§ Task statement: Each entry is to be given again exactly; drop the images.

START Dataset entries

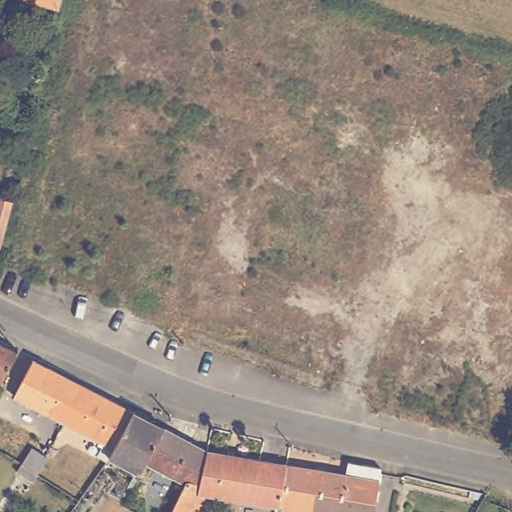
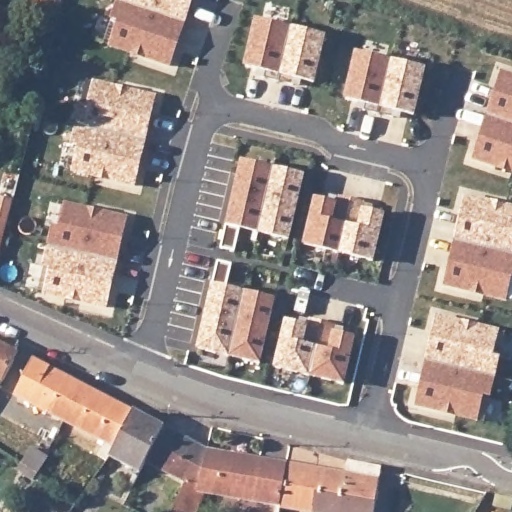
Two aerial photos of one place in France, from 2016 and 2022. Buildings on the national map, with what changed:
unchanged [(59,12),(24,0),(63,0),(59,12)]
new [(184,24),(118,1),(118,0),(192,0),(184,24)]
new [(110,46),(118,21),(111,20),(118,1),(184,24),(170,66),(110,46)]
new [(292,30),(280,83),(265,80),(266,73),(247,69),(258,22),(292,30)]
new [(292,30),(326,39),(316,84),(297,80),(295,86),(280,83),(292,30)]
new [(392,63),(380,116),(365,112),(366,105),(347,101),(358,55),(392,63)]
new [(392,63),(426,71),(415,117),(396,112),(395,120),(380,116),(392,63)]
new [(512,77),(512,125),(489,117),(503,74),(512,77)]
new [(155,97),(145,142),(76,126),(81,107),(88,109),(94,83),(155,97)]
new [(475,160),(489,117),(512,125),(512,173),(475,160)]
new [(79,146),(72,145),(76,126),(145,142),(135,186),(73,171),(79,146)]
unchanged [(13,162),(10,174),(4,172),(6,160),(13,162)]
new [(241,230),(236,254),(222,250),(228,226),(229,227),(244,164),(305,178),(290,241),(241,230)]
new [(465,197),(512,209),(512,255),(455,242),(465,197)]
new [(307,246),(317,201),(336,205),(338,199),(353,202),(340,255),(307,246)]
new [(1,228),(0,234),(0,201),(8,202),(1,228)]
new [(368,205),(366,212),(385,217),(374,262),(340,255),(353,202),(368,205)]
new [(127,219),(116,263),(48,247),(53,228),(60,230),(66,205),(127,219)]
new [(455,242),(512,255),(512,276),(512,275),(506,301),(444,286),(455,242)]
new [(45,293),(51,268),(44,266),(48,247),(116,263),(106,307),(45,293)]
new [(213,287),(219,263),(233,266),(227,290),(276,301),(261,365),(200,351),(215,287),(213,287)]
new [(498,332),(492,357),(499,360),(494,378),(426,362),(436,317),(498,332)]
new [(283,324),(302,329),(304,322),(318,325),(306,378),(272,370),(283,324)]
new [(318,325),(333,329),(332,336),(351,340),(340,386),(306,378),(318,325)]
unchanged [(0,382),(0,344),(17,352),(1,383),(0,382)]
unchanged [(111,456),(109,458),(106,462),(97,456),(106,444),(14,396),(33,360),(133,413),(111,456)]
new [(415,406),(426,362),(494,378),(490,397),(483,396),(477,421),(415,406)]
unchanged [(146,463),(140,474),(109,458),(111,456),(133,413),(164,429),(146,463)]
unchanged [(164,429),(207,452),(200,483),(187,482),(185,484),(146,463),(164,429)]
unchanged [(16,472),(21,465),(32,449),(48,460),(38,475),(33,482),(16,472)]
unchanged [(288,465),(281,507),(206,495),(197,512),(171,512),(185,484),(187,482),(200,483),(207,452),(287,465),(288,465)]
unchanged [(281,507),(288,465),(346,475),(348,462),(381,468),(374,512),(302,512),(281,508),(281,507)]

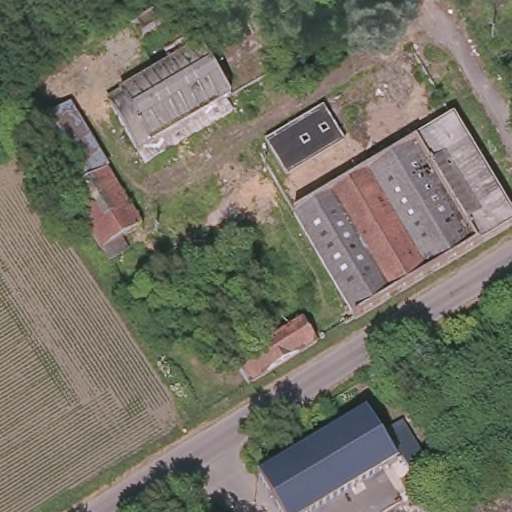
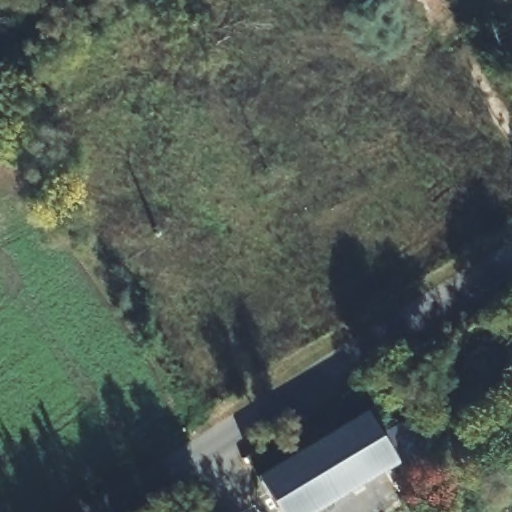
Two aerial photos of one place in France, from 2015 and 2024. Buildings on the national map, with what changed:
demolished [(167,56),(161,45),(187,30),(195,44),(187,49),(218,102),(215,103),(221,116),(145,161),(106,96),(167,56)]
demolished [(320,107),(343,142),(280,175),(262,142),(320,107)]
demolished [(52,171),(31,135),(71,110),(144,234),(103,258),(52,171)]
demolished [(355,318),(333,282),(311,296),(298,276),(320,261),(294,216),(450,119),(512,220),(355,318)]
demolished [(193,226),(202,242),(170,260),(161,245),(193,226)]
demolished [(260,301),(272,318),(275,316),(283,329),(301,318),(316,342),(283,363),(250,307),(260,301)]
demolished [(283,363),(249,384),(236,361),(254,349),(246,335),(250,332),(239,314),(250,307),(283,363)]
unchanged [(299,512),(283,512),(259,472),(364,409),(392,457),(299,512)]

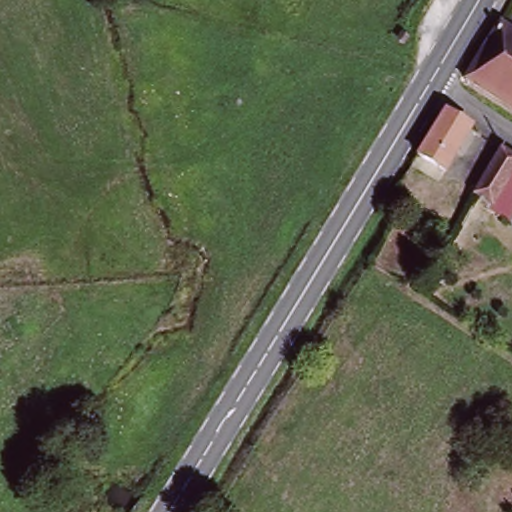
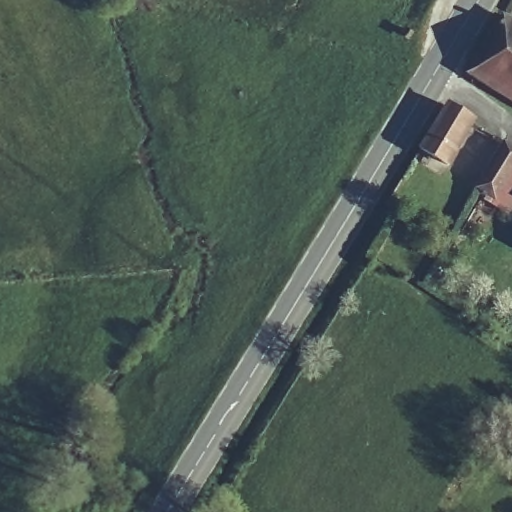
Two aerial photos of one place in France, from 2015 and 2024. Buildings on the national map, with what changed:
unchanged [(466,76),(503,20),(512,26),(512,106),(466,76)]
unchanged [(419,151),(447,109),(474,125),(446,169),(419,151)]
unchanged [(473,191),(503,142),(512,148),(512,202),(507,210),(473,191)]

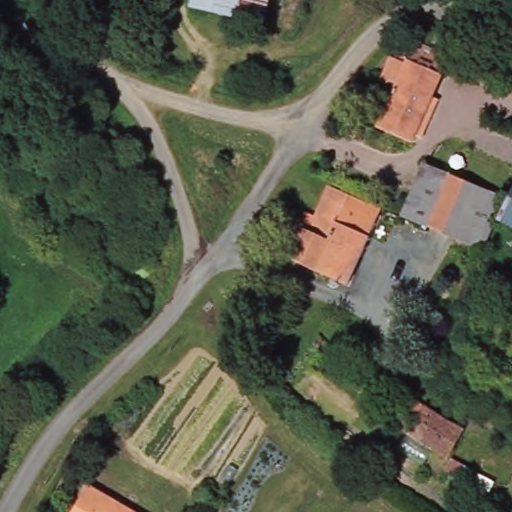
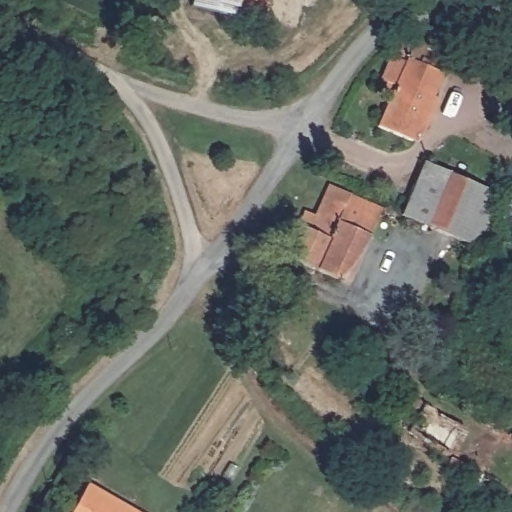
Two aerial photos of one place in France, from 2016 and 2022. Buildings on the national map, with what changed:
unchanged [(262,20),(194,0),(269,0),(262,20)]
unchanged [(422,132),(414,129),(411,136),(378,123),(392,87),(386,84),(388,76),(381,72),(390,52),(396,53),(403,34),(420,41),(447,51),(430,92),(437,95),(422,132)]
unchanged [(406,212),(427,155),(435,157),(442,142),(472,154),(482,135),(512,148),(512,189),(510,194),(504,192),(452,172),(431,224),(406,212)]
unchanged [(452,172),(504,192),(497,211),(484,244),(431,224),(452,172)]
unchanged [(297,222),(306,226),(311,215),(322,192),(327,180),(337,184),(343,187),(381,204),(348,280),(312,265),(284,252),(297,222)]
unchanged [(505,214),(497,211),(504,192),(510,194),(512,189),(512,218),(505,214)]
unchanged [(443,448),(406,425),(412,413),(421,396),(470,427),(453,454),(443,448)]
unchanged [(148,512),(70,512),(91,478),(148,512)]

END Dataset entries

§ Solved exercise:
Two aerial photos of one place in France, from 2016 and 2022. Buildings on the national map, with what changed:
unchanged [(59,12),(24,0),(63,0),(59,12)]
new [(184,24),(118,1),(118,0),(192,0),(184,24)]
new [(110,46),(118,21),(111,20),(118,1),(184,24),(170,66),(110,46)]
new [(292,30),(280,83),(265,80),(266,73),(247,69),(258,22),(292,30)]
new [(292,30),(326,39),(316,84),(297,80),(295,86),(280,83),(292,30)]
new [(392,63),(380,116),(365,112),(366,105),(347,101),(358,55),(392,63)]
new [(392,63),(426,71),(415,117),(396,112),(395,120),(380,116),(392,63)]
new [(512,77),(512,125),(489,117),(503,74),(512,77)]
new [(155,97),(145,142),(76,126),(81,107),(88,109),(94,83),(155,97)]
new [(475,160),(489,117),(512,125),(512,173),(475,160)]
new [(79,146),(72,145),(76,126),(145,142),(135,186),(73,171),(79,146)]
unchanged [(13,162),(10,174),(4,172),(6,160),(13,162)]
new [(241,230),(236,254),(222,250),(228,226),(229,227),(244,164),(305,178),(290,241),(241,230)]
new [(465,197),(512,209),(512,255),(455,242),(465,197)]
new [(307,246),(317,201),(336,205),(338,199),(353,202),(340,255),(307,246)]
new [(1,228),(0,234),(0,201),(8,202),(1,228)]
new [(368,205),(366,212),(385,217),(374,262),(340,255),(353,202),(368,205)]
new [(127,219),(116,263),(48,247),(53,228),(60,230),(66,205),(127,219)]
new [(455,242),(512,255),(512,276),(512,275),(506,301),(444,286),(455,242)]
new [(45,293),(51,268),(44,266),(48,247),(116,263),(106,307),(45,293)]
new [(213,287),(219,263),(233,266),(227,290),(276,301),(261,365),(200,351),(215,287),(213,287)]
new [(498,332),(492,357),(499,360),(494,378),(426,362),(436,317),(498,332)]
new [(283,324),(302,329),(304,322),(318,325),(306,378),(272,370),(283,324)]
new [(318,325),(333,329),(332,336),(351,340),(340,386),(306,378),(318,325)]
unchanged [(0,382),(0,344),(17,352),(1,383),(0,382)]
unchanged [(111,456),(109,458),(106,462),(97,456),(106,444),(14,396),(33,360),(133,413),(111,456)]
new [(415,406),(426,362),(494,378),(490,397),(483,396),(477,421),(415,406)]
unchanged [(146,463),(140,474),(109,458),(111,456),(133,413),(164,429),(146,463)]
unchanged [(164,429),(207,452),(200,483),(187,482),(185,484),(146,463),(164,429)]
unchanged [(16,472),(21,465),(32,449),(48,460),(38,475),(33,482),(16,472)]
unchanged [(288,465),(281,507),(206,495),(197,512),(171,512),(185,484),(187,482),(200,483),(207,452),(287,465),(288,465)]
unchanged [(281,507),(288,465),(346,475),(348,462),(381,468),(374,512),(302,512),(281,508),(281,507)]

Two aerial photos of one place in France, from 2015 and 2024. Buildings on the national map, with what changed:
demolished [(167,56),(161,45),(187,30),(195,44),(187,49),(218,102),(215,103),(221,116),(145,161),(106,96),(167,56)]
demolished [(320,107),(343,142),(280,175),(262,142),(320,107)]
demolished [(52,171),(31,135),(71,110),(144,234),(103,258),(52,171)]
demolished [(355,318),(333,282),(311,296),(298,276),(320,261),(294,216),(450,119),(512,220),(355,318)]
demolished [(193,226),(202,242),(170,260),(161,245),(193,226)]
demolished [(260,301),(272,318),(275,316),(283,329),(301,318),(316,342),(283,363),(250,307),(260,301)]
demolished [(283,363),(249,384),(236,361),(254,349),(246,335),(250,332),(239,314),(250,307),(283,363)]
unchanged [(299,512),(283,512),(259,472),(364,409),(392,457),(299,512)]

Two aerial photos of one place in France, from 2015 and 2024. Buildings on the national map, with what changed:
unchanged [(466,76),(503,20),(512,26),(512,106),(466,76)]
unchanged [(419,151),(447,109),(474,125),(446,169),(419,151)]
unchanged [(473,191),(503,142),(512,148),(512,202),(507,210),(473,191)]

Two aerial photos of one place in France, from 2016 and 2022. Buildings on the national map, with what changed:
unchanged [(262,20),(194,0),(269,0),(262,20)]
unchanged [(422,132),(414,129),(411,136),(378,123),(392,87),(386,84),(388,76),(381,72),(390,52),(396,53),(403,34),(420,41),(447,51),(430,92),(437,95),(422,132)]
unchanged [(406,212),(427,155),(435,157),(442,142),(472,154),(482,135),(512,148),(512,189),(510,194),(504,192),(452,172),(431,224),(406,212)]
unchanged [(452,172),(504,192),(497,211),(484,244),(431,224),(452,172)]
unchanged [(297,222),(306,226),(311,215),(322,192),(327,180),(337,184),(343,187),(381,204),(348,280),(312,265),(284,252),(297,222)]
unchanged [(505,214),(497,211),(504,192),(510,194),(512,189),(512,218),(505,214)]
unchanged [(443,448),(406,425),(412,413),(421,396),(470,427),(453,454),(443,448)]
unchanged [(148,512),(70,512),(91,478),(148,512)]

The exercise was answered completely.